##### SOURCE DATA #####

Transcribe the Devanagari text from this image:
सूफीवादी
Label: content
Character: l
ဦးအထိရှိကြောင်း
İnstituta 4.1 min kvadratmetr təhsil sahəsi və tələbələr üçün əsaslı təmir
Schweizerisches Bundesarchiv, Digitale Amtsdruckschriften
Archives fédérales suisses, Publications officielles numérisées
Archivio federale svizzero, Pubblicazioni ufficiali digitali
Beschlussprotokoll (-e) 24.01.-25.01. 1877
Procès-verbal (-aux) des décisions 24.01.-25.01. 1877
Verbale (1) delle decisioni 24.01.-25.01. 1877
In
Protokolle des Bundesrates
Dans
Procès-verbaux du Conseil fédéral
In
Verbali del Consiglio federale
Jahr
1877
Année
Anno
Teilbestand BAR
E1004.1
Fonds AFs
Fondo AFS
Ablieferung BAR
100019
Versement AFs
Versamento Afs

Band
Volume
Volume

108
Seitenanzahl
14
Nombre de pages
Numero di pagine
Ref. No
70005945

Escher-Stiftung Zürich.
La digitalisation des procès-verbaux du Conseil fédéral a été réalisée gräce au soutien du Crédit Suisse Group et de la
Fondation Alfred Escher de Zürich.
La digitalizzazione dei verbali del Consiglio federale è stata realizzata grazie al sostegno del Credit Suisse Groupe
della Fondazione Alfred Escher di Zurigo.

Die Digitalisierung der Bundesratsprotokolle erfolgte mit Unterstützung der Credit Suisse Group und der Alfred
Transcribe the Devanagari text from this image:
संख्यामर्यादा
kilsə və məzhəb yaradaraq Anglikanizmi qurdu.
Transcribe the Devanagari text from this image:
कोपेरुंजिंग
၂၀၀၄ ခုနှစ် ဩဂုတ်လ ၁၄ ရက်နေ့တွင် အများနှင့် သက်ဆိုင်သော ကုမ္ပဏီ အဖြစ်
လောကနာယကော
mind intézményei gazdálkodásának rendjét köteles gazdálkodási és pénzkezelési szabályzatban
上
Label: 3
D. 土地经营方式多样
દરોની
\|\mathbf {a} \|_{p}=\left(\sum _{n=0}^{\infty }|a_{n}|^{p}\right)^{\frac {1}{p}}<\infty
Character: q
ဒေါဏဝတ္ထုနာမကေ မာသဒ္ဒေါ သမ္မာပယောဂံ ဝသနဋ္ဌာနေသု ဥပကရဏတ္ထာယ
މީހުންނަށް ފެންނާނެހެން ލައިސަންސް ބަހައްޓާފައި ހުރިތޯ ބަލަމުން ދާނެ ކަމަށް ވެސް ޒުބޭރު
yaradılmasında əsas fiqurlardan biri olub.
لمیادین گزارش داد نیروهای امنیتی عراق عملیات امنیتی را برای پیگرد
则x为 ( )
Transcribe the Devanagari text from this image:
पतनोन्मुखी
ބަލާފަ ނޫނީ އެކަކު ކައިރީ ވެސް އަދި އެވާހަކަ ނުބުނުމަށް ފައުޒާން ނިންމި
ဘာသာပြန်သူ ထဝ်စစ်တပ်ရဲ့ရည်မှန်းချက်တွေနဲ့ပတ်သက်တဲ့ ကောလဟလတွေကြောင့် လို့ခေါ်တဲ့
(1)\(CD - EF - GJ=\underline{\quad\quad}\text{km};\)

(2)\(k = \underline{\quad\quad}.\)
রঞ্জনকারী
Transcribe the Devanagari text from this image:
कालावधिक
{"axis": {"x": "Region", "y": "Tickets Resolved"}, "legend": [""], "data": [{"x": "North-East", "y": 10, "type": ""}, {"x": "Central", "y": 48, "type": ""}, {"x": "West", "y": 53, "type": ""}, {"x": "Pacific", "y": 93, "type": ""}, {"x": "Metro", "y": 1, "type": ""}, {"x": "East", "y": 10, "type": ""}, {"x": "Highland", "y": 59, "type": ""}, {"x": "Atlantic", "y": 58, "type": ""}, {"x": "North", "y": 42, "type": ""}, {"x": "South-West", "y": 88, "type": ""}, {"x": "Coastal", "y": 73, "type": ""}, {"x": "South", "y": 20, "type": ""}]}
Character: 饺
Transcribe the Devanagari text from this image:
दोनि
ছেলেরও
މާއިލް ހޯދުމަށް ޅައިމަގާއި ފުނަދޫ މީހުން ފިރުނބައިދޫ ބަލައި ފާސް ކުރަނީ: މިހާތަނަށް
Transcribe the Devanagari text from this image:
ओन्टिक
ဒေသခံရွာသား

#####

Type out the entries exactly as they appear above.

Transcribe the Devanagari text from this image:
सूफीवादी
Label: content
Character: l
ဦးအထိရှိကြောင်း
İnstituta 4.1 min kvadratmetr təhsil sahəsi və tələbələr üçün əsaslı təmir
Schweizerisches Bundesarchiv, Digitale Amtsdruckschriften
Archives fédérales suisses, Publications officielles numérisées
Archivio federale svizzero, Pubblicazioni ufficiali digitali
Beschlussprotokoll (-e) 24.01.-25.01. 1877
Procès-verbal (-aux) des décisions 24.01.-25.01. 1877
Verbale (1) delle decisioni 24.01.-25.01. 1877
In
Protokolle des Bundesrates
Dans
Procès-verbaux du Conseil fédéral
In
Verbali del Consiglio federale
Jahr
1877
Année
Anno
Teilbestand BAR
E1004.1
Fonds AFs
Fondo AFS
Ablieferung BAR
100019
Versement AFs
Versamento Afs

Band
Volume
Volume

108
Seitenanzahl
14
Nombre de pages
Numero di pagine
Ref. No
70005945

Escher-Stiftung Zürich.
La digitalisation des procès-verbaux du Conseil fédéral a été réalisée gräce au soutien du Crédit Suisse Group et de la
Fondation Alfred Escher de Zürich.
La digitalizzazione dei verbali del Consiglio federale è stata realizzata grazie al sostegno del Credit Suisse Groupe
della Fondazione Alfred Escher di Zurigo.

Die Digitalisierung der Bundesratsprotokolle erfolgte mit Unterstützung der Credit Suisse Group und der Alfred
Transcribe the Devanagari text from this image:
संख्यामर्यादा
kilsə və məzhəb yaradaraq Anglikanizmi qurdu.
Transcribe the Devanagari text from this image:
कोपेरुंजिंग
၂၀၀၄ ခုနှစ် ဩဂုတ်လ ၁၄ ရက်နေ့တွင် အများနှင့် သက်ဆိုင်သော ကုမ္ပဏီ အဖြစ်
လောကနာယကော
mind intézményei gazdálkodásának rendjét köteles gazdálkodási és pénzkezelési szabályzatban
上
Label: 3
D. 土地经营方式多样
દરોની
\|\mathbf {a} \|_{p}=\left(\sum _{n=0}^{\infty }|a_{n}|^{p}\right)^{\frac {1}{p}}<\infty
Character: q
ဒေါဏဝတ္ထုနာမကေ မာသဒ္ဒေါ သမ္မာပယောဂံ ဝသနဋ္ဌာနေသု ဥပကရဏတ္ထာယ
މީހުންނަށް ފެންނާނެހެން ލައިސަންސް ބަހައްޓާފައި ހުރިތޯ ބަލަމުން ދާނެ ކަމަށް ވެސް ޒުބޭރު
yaradılmasında əsas fiqurlardan biri olub.
لمیادین گزارش داد نیروهای امنیتی عراق عملیات امنیتی را برای پیگرد
则x为 ( )
Transcribe the Devanagari text from this image:
पतनोन्मुखी
ބަލާފަ ނޫނީ އެކަކު ކައިރީ ވެސް އަދި އެވާހަކަ ނުބުނުމަށް ފައުޒާން ނިންމި
ဘာသာပြန်သူ ထဝ်စစ်တပ်ရဲ့ရည်မှန်းချက်တွေနဲ့ပတ်သက်တဲ့ ကောလဟလတွေကြောင့် လို့ခေါ်တဲ့
(1)\(CD - EF - GJ=\underline{\quad\quad}\text{km};\)

(2)\(k = \underline{\quad\quad}.\)
রঞ্জনকারী
Transcribe the Devanagari text from this image:
कालावधिक
{"axis": {"x": "Region", "y": "Tickets Resolved"}, "legend": [""], "data": [{"x": "North-East", "y": 10, "type": ""}, {"x": "Central", "y": 48, "type": ""}, {"x": "West", "y": 53, "type": ""}, {"x": "Pacific", "y": 93, "type": ""}, {"x": "Metro", "y": 1, "type": ""}, {"x": "East", "y": 10, "type": ""}, {"x": "Highland", "y": 59, "type": ""}, {"x": "Atlantic", "y": 58, "type": ""}, {"x": "North", "y": 42, "type": ""}, {"x": "South-West", "y": 88, "type": ""}, {"x": "Coastal", "y": 73, "type": ""}, {"x": "South", "y": 20, "type": ""}]}
Character: 饺
Transcribe the Devanagari text from this image:
दोनि
ছেলেরও
މާއިލް ހޯދުމަށް ޅައިމަގާއި ފުނަދޫ މީހުން ފިރުނބައިދޫ ބަލައި ފާސް ކުރަނީ: މިހާތަނަށް
Transcribe the Devanagari text from this image:
ओन्टिक
ဒေသခံရွာသား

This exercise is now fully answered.